Marriage, like bees and fire and dogs, was created by God when he took Adam’s rib to form a helpmate for him and commanded the two to go forth and multiply. Human law, whether made by ecclesiastical or human agents, can declare the name of this pre-existing essence and can order its use within society. Human laws can define, within the limits of justice, the effects upon property of marriage and its dissolution upon death. Yet no human agent can alter the definition or essence of marriage as a lifelong union of a man and a woman for the purpose of begetting and rearing children. An attempt to do so is merely a failed attempt at naming. It would be as if Adam incorrectly named both a dog and a cat to be a dog. The assigned name is for the purpose of identifying one essence as distinguished from another. Thus, the name dog if assigned both to dogs and cats is a false name. It equivocally refers to two different essences. Likewise, those who assert that human law can assign the name “marriage” to something which is not contained within the essential definition of the reality exceed the scope of human law.

Since modern positivist legal theory recognizes no law above or beyond human-made law, the debates over marriage law appear interminable and irresolvable. If marriage is merely what people, or their lawmakers, want it to be, there is no rational way for resolving these disputes. The only rational way to resolve the disputes is to appeal to an independent authoritative standard or definition. Yet modern legal positivism is a product of philosophical relativism. Definitions of things are merely the product of evolving human consensuses on those things. Relying on the philosophy of evolution, marriage can become anything into which we will it to evolve. A true understanding of Creation, as opposed to evolution, precludes this never-ending becoming. Marriage was created from the foundation of the world and cannot change. Our human acts and relationships can fail to measure up to the definition of the reality of marriage. What exists in such acts is something other than marriage, a perversion of marriage. Whenever human law explicitly declares or implicitly treats something other than marriage as if it were a marriage, the law is false. Such law does not adequately reflect reality. Further, it is an illegal law, for such a law is superseded by the higher law, the eternal law, which legislates the essence of marriage.
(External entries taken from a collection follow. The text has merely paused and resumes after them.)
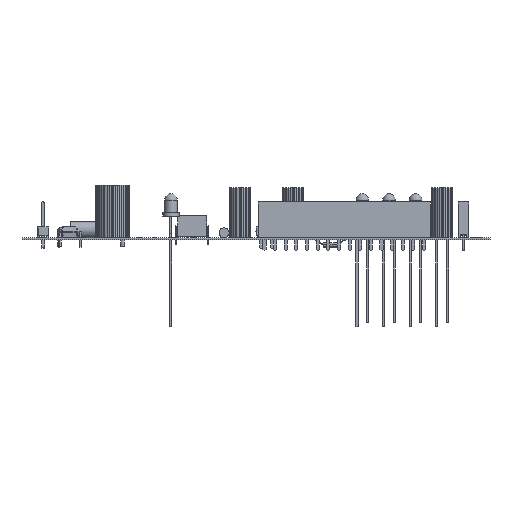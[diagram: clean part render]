
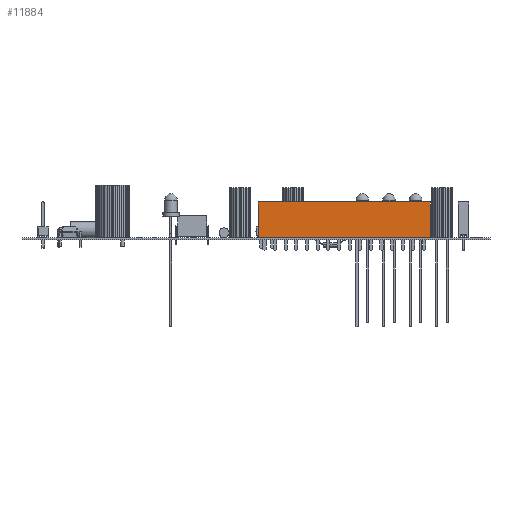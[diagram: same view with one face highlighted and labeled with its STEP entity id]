
A CAD part, front view. The second image highlights one B-rep face of the part: STEP entity #11884.
In plain terms, the highlighted planar face has unit normal (0, -1, 0).
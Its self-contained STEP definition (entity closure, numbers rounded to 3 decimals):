
#11884 = ADVANCED_FACE('',(#11885),#11919,.T.);
#11885 = FACE_BOUND('',#11886,.T.);
#11886 = EDGE_LOOP('',(#11887,#11897,#11905,#11913));
#11887 = ORIENTED_EDGE('',*,*,#11888,.T.);
#11888 = EDGE_CURVE('',#11889,#11891,#11893,.T.);
#11889 = VERTEX_POINT('',#11890);
#11890 = CARTESIAN_POINT('',(20.57,-1.25,4.25));
#11891 = VERTEX_POINT('',#11892);
#11892 = CARTESIAN_POINT('',(-20.57,-1.25,4.25));
#11893 = LINE('',#11894,#11895);
#11894 = CARTESIAN_POINT('',(20.57,-1.25,4.25));
#11895 = VECTOR('',#11896,1.);
#11896 = DIRECTION('',(-1.,0.,0.));
#11897 = ORIENTED_EDGE('',*,*,#11898,.T.);
#11898 = EDGE_CURVE('',#11891,#11899,#11901,.T.);
#11899 = VERTEX_POINT('',#11900);
#11900 = CARTESIAN_POINT('',(-20.57,-1.25,-4.25));
#11901 = LINE('',#11902,#11903);
#11902 = CARTESIAN_POINT('',(-20.57,-1.25,4.25));
#11903 = VECTOR('',#11904,1.);
#11904 = DIRECTION('',(0.,0.,-1.));
#11905 = ORIENTED_EDGE('',*,*,#11906,.T.);
#11906 = EDGE_CURVE('',#11899,#11907,#11909,.T.);
#11907 = VERTEX_POINT('',#11908);
#11908 = CARTESIAN_POINT('',(20.57,-1.25,-4.25));
#11909 = LINE('',#11910,#11911);
#11910 = CARTESIAN_POINT('',(-20.57,-1.25,-4.25));
#11911 = VECTOR('',#11912,1.);
#11912 = DIRECTION('',(1.,0.,0.));
#11913 = ORIENTED_EDGE('',*,*,#11914,.T.);
#11914 = EDGE_CURVE('',#11907,#11889,#11915,.T.);
#11915 = LINE('',#11916,#11917);
#11916 = CARTESIAN_POINT('',(20.57,-1.25,-4.25));
#11917 = VECTOR('',#11918,1.);
#11918 = DIRECTION('',(0.,0.,1.));
#11919 = PLANE('',#11920);
#11920 = AXIS2_PLACEMENT_3D('',#11921,#11922,#11923);
#11921 = CARTESIAN_POINT('',(0.,-1.25,0.));
#11922 = DIRECTION('',(0.,-1.,0.));
#11923 = DIRECTION('',(0.,0.,-1.));

This conclusion should inform our efforts to resist these attempts to formulate illegal laws promoting and facilitating acts and relationships that are not marriage as if they were. Flowing from our obligation to work for the common good, we must resist these laws. We need not fear, however. Even if the enemies of God temporarily succeed in declaring the opposite of reality, they cannot change reality. They can no more make a non-marriage into a marriage than can they turn iron into gold. They might doctor up the appearance of the iron to make it appear to be gold, but it is not. Their attempts are merely the pointless rebellion of defiant children who stamp their feet wishing reality to be other than it is.

 

Brian M. McCall is Associate Dean for Academics and the Orpha and Maurice Merrill Professor in Law at the University of Oklahoma College of Law. In 2014 he is a Visiting Professor of Law at Notre Dame Law School. He has received degrees from Yale, the University of London, and the University of Pennsylvania. He is married and has six children, and serves as the coordinator of the SSPX chapel in Oklahoma City.